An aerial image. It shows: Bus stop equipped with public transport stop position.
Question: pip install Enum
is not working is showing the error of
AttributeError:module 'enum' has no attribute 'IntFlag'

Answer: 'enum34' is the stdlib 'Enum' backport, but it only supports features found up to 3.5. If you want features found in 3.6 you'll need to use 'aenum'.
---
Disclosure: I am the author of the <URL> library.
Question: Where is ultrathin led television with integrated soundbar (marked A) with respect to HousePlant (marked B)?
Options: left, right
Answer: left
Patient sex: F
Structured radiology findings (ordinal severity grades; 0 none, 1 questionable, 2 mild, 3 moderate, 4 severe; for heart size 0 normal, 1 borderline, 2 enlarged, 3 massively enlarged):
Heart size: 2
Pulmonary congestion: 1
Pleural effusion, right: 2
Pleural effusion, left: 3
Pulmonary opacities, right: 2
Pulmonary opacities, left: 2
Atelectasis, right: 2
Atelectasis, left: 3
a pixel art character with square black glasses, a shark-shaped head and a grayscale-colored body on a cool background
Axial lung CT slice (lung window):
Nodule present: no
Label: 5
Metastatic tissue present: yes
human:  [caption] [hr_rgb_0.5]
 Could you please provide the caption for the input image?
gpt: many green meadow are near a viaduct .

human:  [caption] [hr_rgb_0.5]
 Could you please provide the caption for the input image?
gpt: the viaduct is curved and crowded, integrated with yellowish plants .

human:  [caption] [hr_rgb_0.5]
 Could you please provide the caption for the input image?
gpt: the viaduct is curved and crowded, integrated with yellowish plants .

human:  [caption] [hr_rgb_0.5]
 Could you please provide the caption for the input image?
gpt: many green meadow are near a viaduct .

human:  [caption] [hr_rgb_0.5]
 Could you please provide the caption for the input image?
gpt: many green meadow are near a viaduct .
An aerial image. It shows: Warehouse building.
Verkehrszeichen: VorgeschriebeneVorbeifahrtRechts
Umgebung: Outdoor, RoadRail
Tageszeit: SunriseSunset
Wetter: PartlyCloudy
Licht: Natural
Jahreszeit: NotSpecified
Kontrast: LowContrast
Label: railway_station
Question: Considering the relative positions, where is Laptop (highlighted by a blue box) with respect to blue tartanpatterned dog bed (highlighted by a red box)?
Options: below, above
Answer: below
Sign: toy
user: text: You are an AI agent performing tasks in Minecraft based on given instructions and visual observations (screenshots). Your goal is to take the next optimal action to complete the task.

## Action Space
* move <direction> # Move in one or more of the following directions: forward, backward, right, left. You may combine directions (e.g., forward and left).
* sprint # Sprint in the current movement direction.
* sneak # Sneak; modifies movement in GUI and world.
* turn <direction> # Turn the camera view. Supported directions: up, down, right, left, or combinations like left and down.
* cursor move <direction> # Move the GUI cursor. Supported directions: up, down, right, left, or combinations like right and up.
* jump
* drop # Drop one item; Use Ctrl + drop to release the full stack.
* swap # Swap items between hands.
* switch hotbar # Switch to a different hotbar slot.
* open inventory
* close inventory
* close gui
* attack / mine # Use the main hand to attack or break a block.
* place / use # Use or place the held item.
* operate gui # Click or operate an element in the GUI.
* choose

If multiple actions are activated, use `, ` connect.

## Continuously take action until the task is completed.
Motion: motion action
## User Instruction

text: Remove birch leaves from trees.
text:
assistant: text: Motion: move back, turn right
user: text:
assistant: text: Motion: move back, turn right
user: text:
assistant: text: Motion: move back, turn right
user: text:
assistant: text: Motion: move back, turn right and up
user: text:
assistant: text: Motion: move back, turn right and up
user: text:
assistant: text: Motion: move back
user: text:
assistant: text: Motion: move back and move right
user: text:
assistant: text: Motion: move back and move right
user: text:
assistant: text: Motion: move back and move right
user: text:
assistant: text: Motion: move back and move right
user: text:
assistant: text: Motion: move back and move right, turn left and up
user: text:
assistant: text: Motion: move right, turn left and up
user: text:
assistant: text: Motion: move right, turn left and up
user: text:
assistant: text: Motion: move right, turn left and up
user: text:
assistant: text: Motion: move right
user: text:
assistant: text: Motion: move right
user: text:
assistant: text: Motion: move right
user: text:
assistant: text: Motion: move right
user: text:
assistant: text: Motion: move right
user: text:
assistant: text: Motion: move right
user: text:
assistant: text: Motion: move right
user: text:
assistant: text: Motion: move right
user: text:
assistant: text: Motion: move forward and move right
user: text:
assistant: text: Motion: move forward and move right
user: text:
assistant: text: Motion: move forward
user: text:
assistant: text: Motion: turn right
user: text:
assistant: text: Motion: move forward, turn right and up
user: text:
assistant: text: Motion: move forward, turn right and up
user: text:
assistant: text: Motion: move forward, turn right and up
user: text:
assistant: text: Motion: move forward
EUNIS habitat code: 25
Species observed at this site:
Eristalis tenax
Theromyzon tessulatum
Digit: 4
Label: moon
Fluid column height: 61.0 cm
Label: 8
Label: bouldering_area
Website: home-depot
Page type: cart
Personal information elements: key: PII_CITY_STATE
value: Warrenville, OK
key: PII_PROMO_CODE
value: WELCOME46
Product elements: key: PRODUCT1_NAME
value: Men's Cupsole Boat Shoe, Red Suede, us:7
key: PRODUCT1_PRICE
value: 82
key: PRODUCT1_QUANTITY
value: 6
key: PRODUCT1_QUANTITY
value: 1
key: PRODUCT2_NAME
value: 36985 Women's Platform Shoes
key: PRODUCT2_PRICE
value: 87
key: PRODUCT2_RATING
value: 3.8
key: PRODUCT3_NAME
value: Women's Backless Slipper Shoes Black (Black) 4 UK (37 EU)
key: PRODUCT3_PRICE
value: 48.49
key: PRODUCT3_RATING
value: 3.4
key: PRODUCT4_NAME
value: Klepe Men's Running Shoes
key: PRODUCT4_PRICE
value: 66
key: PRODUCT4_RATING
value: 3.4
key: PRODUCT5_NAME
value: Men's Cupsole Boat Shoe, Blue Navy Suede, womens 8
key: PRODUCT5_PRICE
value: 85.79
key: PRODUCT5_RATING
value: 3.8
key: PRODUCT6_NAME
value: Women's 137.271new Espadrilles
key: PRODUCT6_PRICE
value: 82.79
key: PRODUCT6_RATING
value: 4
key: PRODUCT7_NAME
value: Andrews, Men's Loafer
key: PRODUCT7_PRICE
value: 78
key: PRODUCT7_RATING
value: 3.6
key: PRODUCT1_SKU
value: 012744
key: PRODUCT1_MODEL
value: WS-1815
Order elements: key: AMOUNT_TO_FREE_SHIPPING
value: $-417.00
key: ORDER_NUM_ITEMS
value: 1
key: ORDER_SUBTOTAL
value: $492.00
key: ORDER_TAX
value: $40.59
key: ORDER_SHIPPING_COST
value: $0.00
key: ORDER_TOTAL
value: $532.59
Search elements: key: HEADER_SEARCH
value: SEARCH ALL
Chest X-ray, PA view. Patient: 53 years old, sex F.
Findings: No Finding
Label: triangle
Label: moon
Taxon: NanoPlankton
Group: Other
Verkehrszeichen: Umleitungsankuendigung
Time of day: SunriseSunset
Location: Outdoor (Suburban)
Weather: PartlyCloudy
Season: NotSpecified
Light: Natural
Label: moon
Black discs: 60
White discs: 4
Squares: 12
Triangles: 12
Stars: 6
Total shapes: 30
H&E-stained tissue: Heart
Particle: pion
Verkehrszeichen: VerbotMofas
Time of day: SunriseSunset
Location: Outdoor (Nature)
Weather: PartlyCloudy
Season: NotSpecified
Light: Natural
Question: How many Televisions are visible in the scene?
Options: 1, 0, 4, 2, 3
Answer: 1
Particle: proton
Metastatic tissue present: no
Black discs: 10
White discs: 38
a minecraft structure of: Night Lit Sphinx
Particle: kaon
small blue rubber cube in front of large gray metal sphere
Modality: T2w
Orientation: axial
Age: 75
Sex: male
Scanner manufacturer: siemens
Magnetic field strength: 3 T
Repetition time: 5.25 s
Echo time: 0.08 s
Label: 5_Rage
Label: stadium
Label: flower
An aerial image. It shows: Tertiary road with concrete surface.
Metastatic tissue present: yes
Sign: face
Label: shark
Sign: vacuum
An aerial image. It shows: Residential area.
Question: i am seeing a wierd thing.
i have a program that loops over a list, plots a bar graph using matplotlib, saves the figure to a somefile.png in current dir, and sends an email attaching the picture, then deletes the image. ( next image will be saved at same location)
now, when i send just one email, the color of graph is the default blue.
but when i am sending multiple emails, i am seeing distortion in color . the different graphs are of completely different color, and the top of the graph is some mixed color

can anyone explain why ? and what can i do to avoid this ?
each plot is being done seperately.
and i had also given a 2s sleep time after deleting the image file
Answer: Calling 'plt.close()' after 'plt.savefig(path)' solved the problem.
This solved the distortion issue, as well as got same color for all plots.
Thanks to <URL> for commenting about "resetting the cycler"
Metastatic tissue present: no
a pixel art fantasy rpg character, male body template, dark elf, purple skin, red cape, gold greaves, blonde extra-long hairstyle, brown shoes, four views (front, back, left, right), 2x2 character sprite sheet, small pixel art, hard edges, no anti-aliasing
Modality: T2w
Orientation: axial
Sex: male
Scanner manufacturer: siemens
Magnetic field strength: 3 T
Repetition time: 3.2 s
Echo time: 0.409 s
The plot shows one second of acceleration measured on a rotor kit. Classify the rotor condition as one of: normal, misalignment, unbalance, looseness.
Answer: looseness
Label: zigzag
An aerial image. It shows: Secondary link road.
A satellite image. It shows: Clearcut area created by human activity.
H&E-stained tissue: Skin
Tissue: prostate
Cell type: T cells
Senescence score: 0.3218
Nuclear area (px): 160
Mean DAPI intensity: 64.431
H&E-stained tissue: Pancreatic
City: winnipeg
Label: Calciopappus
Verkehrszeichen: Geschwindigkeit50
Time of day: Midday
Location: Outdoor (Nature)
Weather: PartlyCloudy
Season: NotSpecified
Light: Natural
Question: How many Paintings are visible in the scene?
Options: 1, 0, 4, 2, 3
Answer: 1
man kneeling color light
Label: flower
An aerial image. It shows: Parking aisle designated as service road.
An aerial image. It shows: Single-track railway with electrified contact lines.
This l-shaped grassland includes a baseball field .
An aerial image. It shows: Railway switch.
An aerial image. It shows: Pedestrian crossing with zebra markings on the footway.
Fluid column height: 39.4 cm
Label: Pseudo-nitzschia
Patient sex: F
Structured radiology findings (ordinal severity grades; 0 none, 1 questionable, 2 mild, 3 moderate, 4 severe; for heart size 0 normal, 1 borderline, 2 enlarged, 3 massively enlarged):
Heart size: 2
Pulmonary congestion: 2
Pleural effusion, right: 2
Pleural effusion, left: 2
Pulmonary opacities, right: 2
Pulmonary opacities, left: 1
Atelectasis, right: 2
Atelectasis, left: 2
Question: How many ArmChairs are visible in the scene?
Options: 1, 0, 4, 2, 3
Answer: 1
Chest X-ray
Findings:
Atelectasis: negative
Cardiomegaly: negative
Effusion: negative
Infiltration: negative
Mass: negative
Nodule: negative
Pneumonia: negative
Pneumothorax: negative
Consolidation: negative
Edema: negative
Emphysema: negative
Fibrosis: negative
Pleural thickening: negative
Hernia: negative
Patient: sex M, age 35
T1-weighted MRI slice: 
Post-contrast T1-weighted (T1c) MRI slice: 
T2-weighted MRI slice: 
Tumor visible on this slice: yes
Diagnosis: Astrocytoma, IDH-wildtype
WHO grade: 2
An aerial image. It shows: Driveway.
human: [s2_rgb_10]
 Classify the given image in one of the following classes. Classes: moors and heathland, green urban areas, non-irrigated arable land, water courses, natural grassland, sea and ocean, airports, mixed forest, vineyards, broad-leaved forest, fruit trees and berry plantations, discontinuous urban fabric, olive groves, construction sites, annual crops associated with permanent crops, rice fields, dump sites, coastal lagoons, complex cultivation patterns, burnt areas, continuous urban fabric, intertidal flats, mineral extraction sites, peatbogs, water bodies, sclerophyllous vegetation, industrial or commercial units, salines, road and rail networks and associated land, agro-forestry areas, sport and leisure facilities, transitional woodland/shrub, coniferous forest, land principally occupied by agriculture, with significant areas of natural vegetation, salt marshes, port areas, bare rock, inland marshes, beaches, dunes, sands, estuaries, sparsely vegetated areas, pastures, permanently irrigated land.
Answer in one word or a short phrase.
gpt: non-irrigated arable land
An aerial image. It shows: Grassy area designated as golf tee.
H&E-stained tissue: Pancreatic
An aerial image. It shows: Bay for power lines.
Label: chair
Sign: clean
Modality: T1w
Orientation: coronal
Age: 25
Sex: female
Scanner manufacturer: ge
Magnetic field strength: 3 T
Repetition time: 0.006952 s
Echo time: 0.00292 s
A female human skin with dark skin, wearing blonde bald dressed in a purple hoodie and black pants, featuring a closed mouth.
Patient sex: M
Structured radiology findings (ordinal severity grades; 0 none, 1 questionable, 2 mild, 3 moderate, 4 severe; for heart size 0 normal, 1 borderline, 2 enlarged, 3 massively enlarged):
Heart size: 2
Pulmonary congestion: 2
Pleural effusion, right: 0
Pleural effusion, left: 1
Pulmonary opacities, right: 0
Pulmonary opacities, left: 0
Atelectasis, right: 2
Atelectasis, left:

[Exercise directions]: Word for word, restate the lines of the data above that fall between the line holding "value: Women's Backless" and the line holding "value: Women's 137.271new Espadrilles", inclusive, and no other lines.

[Response]:
value: Women's Backless Slipper Shoes Black (Black) 4 UK (37 EU)
key: PRODUCT3_PRICE
value: 48.49
key: PRODUCT3_RATING
value: 3.4
key: PRODUCT4_NAME
value: Klepe Men's Running Shoes
key: PRODUCT4_PRICE
value: 66
key: PRODUCT4_RATING
value: 3.4
key: PRODUCT5_NAME
value: Men's Cupsole Boat Shoe, Blue Navy Suede, womens 8
key: PRODUCT5_PRICE
value: 85.79
key: PRODUCT5_RATING
value: 3.8
key: PRODUCT6_NAME
value: Women's 137.271new Espadrilles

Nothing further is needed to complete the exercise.